As usual, I have a couple of different fermentations going on in the kitchen. At this point in time, after years of tinkering and experimenting, home-fermented foods are simply an everyday part of our diet - which is as it should be. Fermented foods have been an integral part of the diets of people in all parts of the world for centuries, if not millennia.
Fermentation is the answer to many problems - how to preserve fresh vegetables through the winter; how to turn easily spoiled milk into delicious, storable cheese and yogurt; how to increase the digestibility and the vitamin content of tough root vegetables; how to get drunk and party through a long, drab, grey season.
Fermenting is a traditional and easy way of preserving fresh vegetables through the cold season in four-season climates, like northern and Eastern Europe where most of my ancestors came from. It is the only method of preservation that actually increases the nutrient content of the food being preserved. Bacterial action produces high levels of B vitamins, including the hard-to-find B12.
My Kefir. A few years ago I bartered for some kefir grains and was sadly disappointed to learn that I couldn't put them in fresh, raw goat's milk. When I tried that, they died overnight. Turns out - as I could have learned from a very short investigation online - if you want to propagate a particular SCOBY (Symbiotic Community Of Bacteria and Yeast), you need to cultivate it in a relatively sterile medium. Raw milk is chock full of it's own community of bacteria and yeasts, and they are stronger and more vigorous than whatever you are trying to grow. I was basically starting WW3 every time I put a few kefir grains into raw milk. And my soft, domesticated culture lost every time. The kefir grains I bought turned into sludge and disappeared.
The last time we went to Oaxaca, two and a half years ago, I got new kefir grains from my mother-in-law. She calls them "bulgaros" and she calls the product they create "yogurt." In fact (or at least in English) yogurt is something different - simply milk cultured with certain bacterial strains, and it can be propagated indefinitely just by adding old yogurt to new, scalded milk. Kefir is a different animal - a SCOBY. You can make new yogurt from old yogurt, but you can't make new kefir from old kefir. You need the SCOBY - the grains.
These look like little niblets of cauliflower. Keeping them alive and growing is fairly simple. Put a tablespoon of kefir grains into a pint of pasteurized milk. Let sit for 24-48 hours. Strain. The thickened, digested milk that you strain off is kefir. Wash the grains in water several times, swishing and draining. Then place in new milk. Some books will tell you to wash the grains in milk, and not water. Don't believe them. When I did that, the grains melted over time into sludge. As soon as I started washing them in water every two days, they grew amazingly. Which is what my mother-in-law had been trying to tell me, but for reasons of cultural imperialism and white privilege I had been ignoring her wisdom in favor of some white dude who got published. If you are lucky enough to have access to an intact system of food production, utilize it! Go figure.
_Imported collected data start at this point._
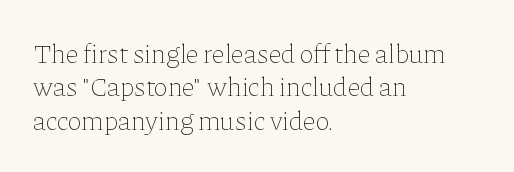
No letter is thick-stroked: the sample isn't bold. This rendering leaves character spacing at its baseline value. A bare baseline throughout the passage. Line beginnings align vertically; line endings do not. This sample uses an upright cut, with every glyph sitting square on the baseline.
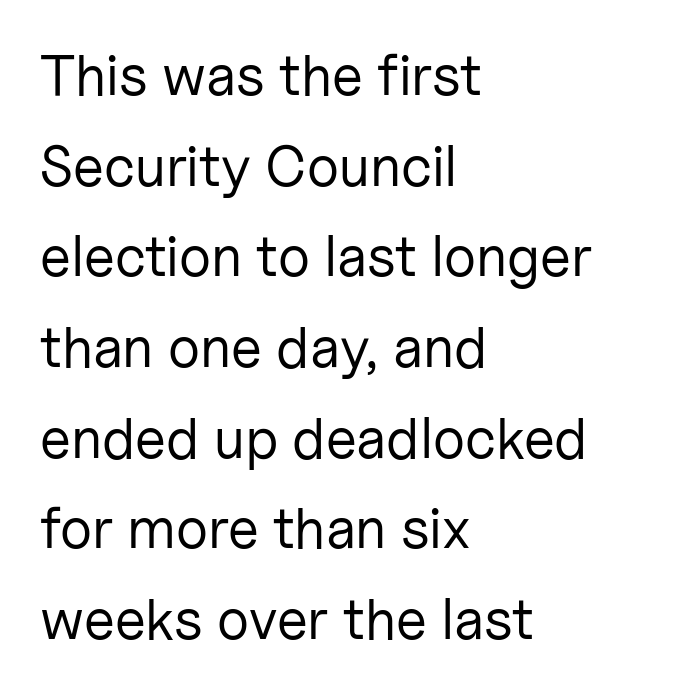
{"serif": "no", "italic": "no", "bold": "no", "weight": "regular", "width": "normal", "stroke_contrast": "low", "x_height": "medium", "monospaced": "no", "underline": "no", "align": "left", "line_spacing": "normal", "line_spacing_ratio": 1.59, "letter_spacing": "normal", "letter_spacing_em": 0.0, "glyph_px": 57}
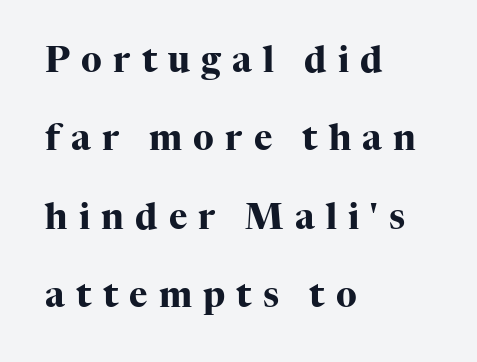
Think of a printed novel: that variable character pitch is what you see here. A great deal of white space separates one row of letters from the next. The rag falls on the right side of this text block. Decoration check: the copy has no underline.
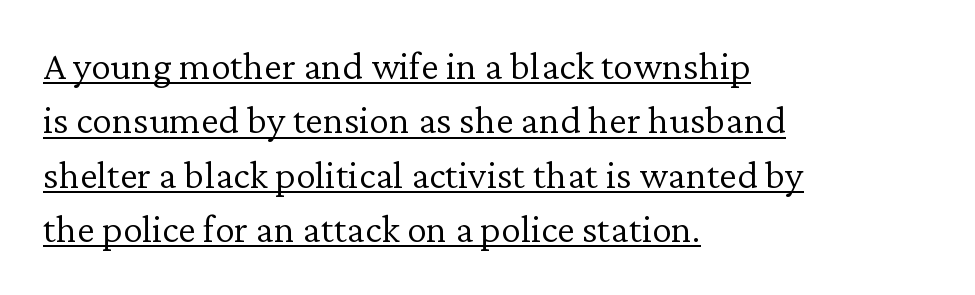
All the whitespace from short lines collects on the right. The characters display serif detailing at their extremities. Does the leading feel generous? No, just average. Here the designer chose a conventional face with non-uniform glyph widths. It's the straight-up-and-down kind of type. Caption: standard tracking, unaltered.
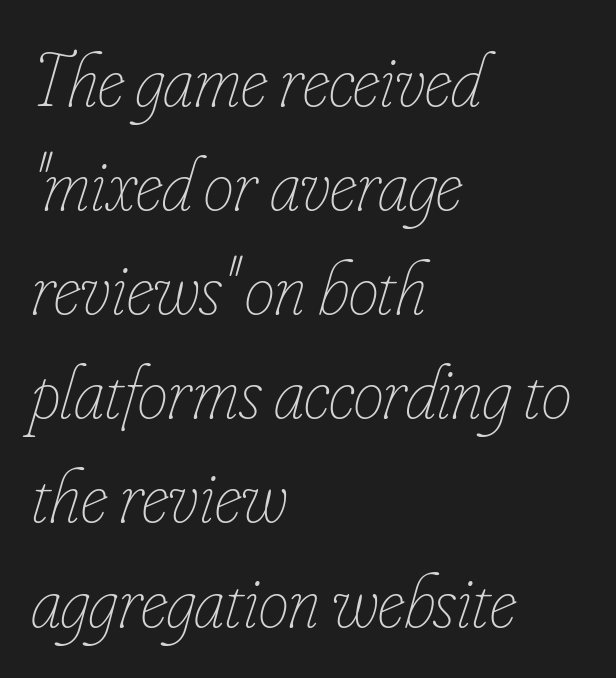
{"italic": "yes", "lean": "right", "slant_degrees": 16, "bold": "no", "weight": "thin", "width": "condensed", "stroke_contrast": "low", "x_height": "small", "monospaced": "no", "underline": "no", "align": "left", "line_spacing": "normal", "line_spacing_ratio": 1.37, "letter_spacing": "normal", "letter_spacing_em": 0.0, "glyph_px": 76}

Sauerkraut. I probably wouldn't make sauerkraut very often except that my daughter Hope loves it. I like sauerkraut just fine, but its not what I would call a staple food. It is, however, one of the easiest and cheapest ferments One head of green cabbage, and one or two tablespoons of salt, depending on the weight of the cabbage. Shred cabbage finely , massage with salt, pack into a glass jar and pound down tightly with a wooden pestle. Let sit on the counter at least one week, then test for sourness. If you like the taste, rinse quickly under running water, squeeze, and pack into smaller ja and put int he fridge.
Making bread. I lost my sourdough starter several months ago. This is a quick focaccia bread, made with store-bought yeast. Still yummy, however. I love baking, it makes me happy and nothing makes the house smell so good.